[Start of section]
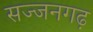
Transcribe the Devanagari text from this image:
सज्‍जनगढ़
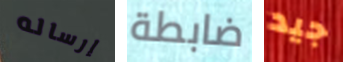
إرساله ضابطة جيد
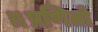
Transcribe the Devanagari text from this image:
॥प्रणितो
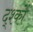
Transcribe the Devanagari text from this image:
द्श्कों
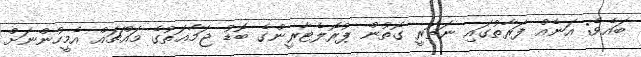
ބައެވެ; އަނެއް ފަރާތުގައި ނަޡަރީ ގޮތުން ޕުރޮލެޓާރީންގެ ބޮޑު ޖަމާޢަތުގެ މައްޗައް އެމީހުންނަށް
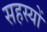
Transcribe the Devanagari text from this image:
सहस्यों
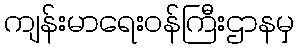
[End of section]
◆ EXERCISE GOAL
When you print the records above, keep them exact and leave out the pictures.

◆ WRITTEN SOLUTION
Transcribe the Devanagari text from this image:
सज्‍जनगढ़
إرساله ضابطة جيد
Transcribe the Devanagari text from this image:
॥प्रणितो
Transcribe the Devanagari text from this image:
द्श्कों
ބައެވެ; އަނެއް ފަރާތުގައި ނަޡަރީ ގޮތުން ޕުރޮލެޓާރީންގެ ބޮޑު ޖަމާޢަތުގެ މައްޗައް އެމީހުންނަށް
Transcribe the Devanagari text from this image:
सहस्यों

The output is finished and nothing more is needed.